Он этим воспользовался.
— Я здесь потому, что ты мне очень нравишься. Потому, что, наверное, у меня действительно полная каша в голове. Я не исключаю, что в твоих словах о какашкином лице есть доля истины, но все дело в том, что я здесь потому, что не могу о тебе не думать. Я думаю о тебе постоянно и при этом обязательно глупо улыбаюсь. Вот так. — Настала его очередь продемонстрировать, что он имел в виду. — Теперь понятно, почему я здесь?
— Это, — отозвалась Эли, с трудом подавляя улыбку, — чудесный ответ.
Он хотел пошутить, но удержался.
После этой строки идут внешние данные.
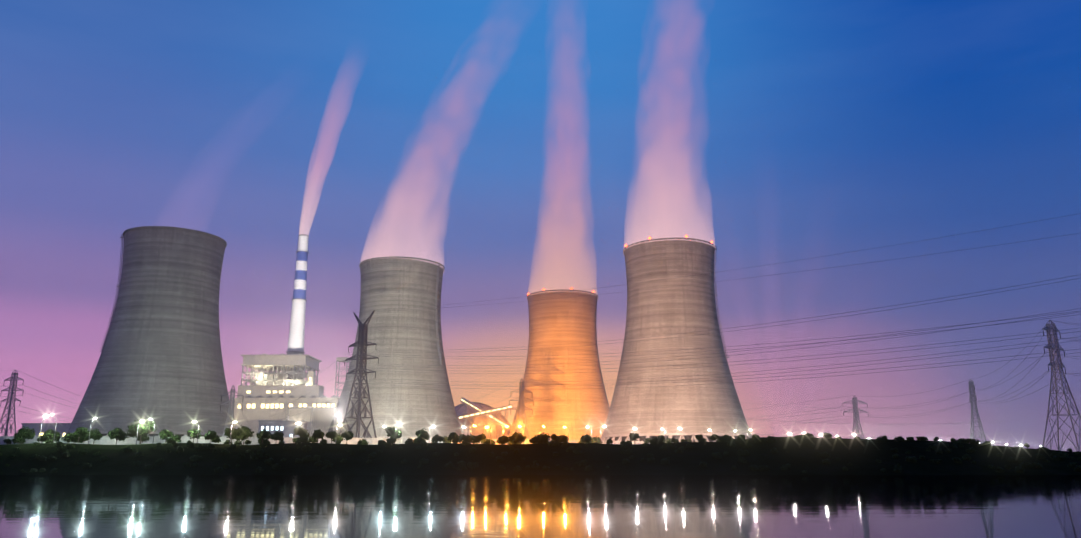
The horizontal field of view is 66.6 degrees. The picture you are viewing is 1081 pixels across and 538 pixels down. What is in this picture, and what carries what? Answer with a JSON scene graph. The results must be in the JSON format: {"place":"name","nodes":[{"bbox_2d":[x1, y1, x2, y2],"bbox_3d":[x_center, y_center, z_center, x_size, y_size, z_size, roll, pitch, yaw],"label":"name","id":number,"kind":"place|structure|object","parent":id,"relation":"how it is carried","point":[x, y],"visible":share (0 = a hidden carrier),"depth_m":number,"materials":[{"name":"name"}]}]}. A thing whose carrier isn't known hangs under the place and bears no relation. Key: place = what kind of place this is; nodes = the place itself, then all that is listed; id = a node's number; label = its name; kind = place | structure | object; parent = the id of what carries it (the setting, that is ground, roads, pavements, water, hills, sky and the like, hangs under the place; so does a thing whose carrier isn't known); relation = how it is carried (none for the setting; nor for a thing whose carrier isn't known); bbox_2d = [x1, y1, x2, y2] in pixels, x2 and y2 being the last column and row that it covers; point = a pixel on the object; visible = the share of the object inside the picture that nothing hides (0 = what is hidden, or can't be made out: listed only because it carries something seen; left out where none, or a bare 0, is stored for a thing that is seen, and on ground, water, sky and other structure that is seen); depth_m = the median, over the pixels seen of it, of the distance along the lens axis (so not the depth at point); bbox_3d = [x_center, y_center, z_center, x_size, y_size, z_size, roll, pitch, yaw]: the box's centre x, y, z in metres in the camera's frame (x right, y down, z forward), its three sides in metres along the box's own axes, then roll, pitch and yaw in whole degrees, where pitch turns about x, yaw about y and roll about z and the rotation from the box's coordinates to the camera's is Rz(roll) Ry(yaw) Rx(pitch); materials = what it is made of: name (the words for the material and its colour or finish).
{"place":"outdoors","nodes":[
{"label":"outdoors","id":0,"kind":"place"},
{"bbox_2d":[153,186,221,231],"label":"steam","id":1,"kind":"object","parent":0,"point":[187,209],"visible":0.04,"depth_m":543.91,"materials":[{"name":"white"}]},
{"bbox_2d":[0,475,1080,537],"bbox_3d":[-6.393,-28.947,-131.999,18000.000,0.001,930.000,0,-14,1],"label":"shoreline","id":2,"kind":"structure","parent":0,"point":[540,506],"depth_m":56.47,"materials":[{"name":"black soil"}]},
{"bbox_2d":[0,437,1080,474],"bbox_3d":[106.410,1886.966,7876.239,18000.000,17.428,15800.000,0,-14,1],"label":"ground","id":3,"kind":"structure","parent":0,"point":[864,455],"depth_m":279.83,"materials":[{"name":"green plant"}]},
{"bbox_2d":[0,370,23,435],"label":"pylon","id":4,"kind":"object","parent":3,"relation":"on","point":[9,398],"depth_m":473.13,"materials":[{"name":"metal"}]},
{"bbox_2d":[22,423,70,435],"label":"store","id":5,"kind":"structure","parent":3,"relation":"on","point":[49,425],"depth_m":554.84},
{"bbox_2d":[1,443,214,444],"bbox_3d":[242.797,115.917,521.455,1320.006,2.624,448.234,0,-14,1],"label":"kerbs","id":6,"kind":"structure","parent":3,"relation":"on","point":[106,444],"depth_m":311.62,"materials":[{"name":"grey concrete"}]},
{"bbox_2d":[66,226,235,436],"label":"tower","id":7,"kind":"structure","parent":3,"relation":"on","point":[186,404],"depth_m":486.27,"materials":[{"name":"concrete"}]},
{"bbox_2d":[220,385,243,436],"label":"pylon","id":8,"kind":"object","parent":3,"relation":"on","point":[233,395],"depth_m":395.51,"materials":[{"name":"metal"}]},
{"bbox_2d":[237,385,323,397],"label":"bunker bay","id":9,"kind":"object","parent":3,"relation":"on","point":[271,390],"depth_m":666.19,"materials":[{"name":"grey concrete"}]},
{"bbox_2d":[240,354,321,384],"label":"boiler house","id":10,"kind":"structure","parent":3,"relation":"on","point":[259,374],"depth_m":694.58,"materials":[{"name":"metal"}]},
{"bbox_2d":[258,420,307,436],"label":"office","id":11,"kind":"structure","parent":3,"relation":"on","point":[284,427],"depth_m":464.05,"materials":[{"name":"grey concrete"}]},
{"bbox_2d":[231,398,339,436],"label":"turbine hall","id":12,"kind":"structure","parent":3,"relation":"on","point":[256,401],"depth_m":634.53,"materials":[{"name":"grey concrete"}]},
{"bbox_2d":[246,395,336,397],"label":"plants","id":13,"kind":"object","parent":3,"relation":"on","point":[323,396],"depth_m":652.81,"materials":[{"name":"metal"}]},
{"bbox_2d":[286,234,308,378],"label":"chimney","id":14,"kind":"object","parent":3,"relation":"on","point":[296,290],"depth_m":784.17,"materials":[{"name":"concrete"}]},
{"bbox_2d":[299,173,318,234],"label":"smoke","id":15,"kind":"object","parent":14,"relation":"on","point":[304,226],"visible":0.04,"depth_m":806.98,"materials":[{"name":"white"}]},
{"bbox_2d":[286,407,336,436],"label":"gantry","id":16,"kind":"object","parent":3,"relation":"on","point":[312,416],"depth_m":514.66,"materials":[{"name":"metal"}]},
{"bbox_2d":[0,436,673,444],"bbox_3d":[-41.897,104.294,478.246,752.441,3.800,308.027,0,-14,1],"label":"perimeter wall","id":17,"kind":"structure","parent":3,"relation":"on","point":[185,439],"depth_m":335.78,"materials":[{"name":"grey concrete"}]},
{"bbox_2d":[335,357,349,395],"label":"frame tower","id":18,"kind":"structure","parent":3,"relation":"on","point":[342,359],"depth_m":718.81,"materials":[{"name":"metal"}]},
{"bbox_2d":[339,310,378,437],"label":"pylon","id":19,"kind":"object","parent":3,"relation":"on","point":[361,343],"depth_m":413.60,"materials":[{"name":"metal"}]},
{"bbox_2d":[328,256,461,438],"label":"tower","id":20,"kind":"structure","parent":3,"relation":"on","point":[427,390],"depth_m":557.89,"materials":[{"name":"concrete"}]},
{"bbox_2d":[361,192,446,267],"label":"steam","id":21,"kind":"object","parent":20,"relation":"on","point":[411,246],"visible":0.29,"depth_m":580.29,"materials":[{"name":"white"}]},
{"bbox_2d":[455,402,510,438],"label":"coal dome","id":22,"kind":"structure","parent":3,"relation":"on","point":[480,427],"depth_m":757.90,"materials":[{"name":"metal"}]},
{"bbox_2d":[457,405,511,438],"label":"conveyor","id":23,"kind":"object","parent":3,"relation":"on","point":[505,409],"depth_m":640.02,"materials":[{"name":"metal"}]},
{"bbox_2d":[460,398,510,438],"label":"conveyor","id":24,"kind":"object","parent":3,"relation":"on","point":[476,407],"depth_m":707.82,"materials":[{"name":"metal"}]},
{"bbox_2d":[509,378,533,438],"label":"pylon","id":25,"kind":"object","parent":3,"relation":"on","point":[521,392],"depth_m":479.16,"materials":[{"name":"metal"}]},
{"bbox_2d":[0,415,1080,473],"bbox_3d":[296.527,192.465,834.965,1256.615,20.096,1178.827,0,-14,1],"label":"vegetation","id":26,"kind":"object","parent":3,"relation":"on","point":[81,434],"visible":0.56,"depth_m":303.33,"materials":[{"name":"green plant"}]},
{"bbox_2d":[39,414,1062,446],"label":"street lamps","id":27,"kind":"object","parent":3,"relation":"on","point":[395,425],"visible":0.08,"depth_m":331.16,"materials":[{"name":"metal"}]},
{"bbox_2d":[508,288,609,439],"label":"tower","id":28,"kind":"structure","parent":3,"relation":"on","point":[544,402],"depth_m":664.22,"materials":[{"name":"concrete"}]},
{"bbox_2d":[528,206,596,295],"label":"plume","id":29,"kind":"object","parent":28,"relation":"on","point":[568,237],"visible":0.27,"depth_m":686.69,"materials":[{"name":"white"}]},
{"bbox_2d":[601,235,751,441],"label":"tower","id":30,"kind":"structure","parent":3,"relation":"on","point":[645,357],"depth_m":508.74,"materials":[{"name":"concrete"}]},
{"bbox_2d":[0,213,1080,436],"bbox_3d":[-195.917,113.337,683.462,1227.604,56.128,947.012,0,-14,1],"label":"conductors","id":31,"kind":"object","parent":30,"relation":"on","point":[751,353],"visible":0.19,"depth_m":300.77,"materials":[{"name":"silver metal"}]},
{"bbox_2d":[624,161,713,248],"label":"steam","id":32,"kind":"object","parent":30,"relation":"on","point":[665,196],"visible":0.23,"depth_m":532.41,"materials":[{"name":"white"}]},
{"bbox_2d":[843,396,867,438],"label":"pylon","id":33,"kind":"object","parent":3,"relation":"on","point":[856,409],"depth_m":646.24,"materials":[{"name":"metal"}]},
{"bbox_2d":[968,382,986,442],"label":"pylon","id":34,"kind":"object","parent":3,"relation":"on","point":[972,405],"depth_m":558.18,"materials":[{"name":"metal"}]},
{"bbox_2d":[1043,320,1080,450],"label":"pylon","id":35,"kind":"object","parent":3,"relation":"on","point":[1054,347],"depth_m":376.70,"materials":[{"name":"metal"}]},
{"bbox_2d":[0,0,1080,451],"label":"sky","id":36,"kind":"structure","parent":0,"point":[932,119],"materials":[{"name":"blue"}]},
{"bbox_2d":[698,180,776,435],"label":"light shaft","id":37,"kind":"object","parent":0,"point":[744,315],"depth_m":479.14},
{"bbox_2d":[753,176,782,432],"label":"light shaft","id":38,"kind":"object","parent":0,"point":[772,302],"depth_m":472.39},
{"bbox_2d":[777,185,843,435],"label":"light shaft","id":39,"kind":"object","parent":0,"point":[805,310],"depth_m":477.69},
{"bbox_2d":[778,240,904,436],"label":"light shaft","id":40,"kind":"object","parent":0,"point":[845,328],"depth_m":482.75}
]}

Вместе со зрелостью приходит сдержанность.
— Майрон?
— Да?
— Я хочу, чтобы ты меня поцеловал. Хочу, чтобы ты меня обнял. Хочу, чтобы ты отвел меня наверх и занялся со мной любовью. Я хочу, чтобы ты все это сделал, и ни на что не рассчитываю, потому что не питаю никаких иллюзий. У наших отношений может не быть будущего, если так захочу я или решишь ты. Но это не важно. Я не хрупкая и не стану тебе описывать ужас последних пяти лет: я гораздо сильнее, чем ты можешь это представить. Но если после сегодняшней ночи наши отношения продлятся, сильным предстоит быть тебе, а не мне. Это предложение не является освобождением от обязательств. Я знаю, как тебе хочется проявить себя благородным рыцарем, но мне нужно не это. Сегодня мне нужен только ты.
Эли наклонилась к нему и поцеловала в губы. Сначала робко, потом с большей страстью. Майрон чувствовал, как им овладевает желание.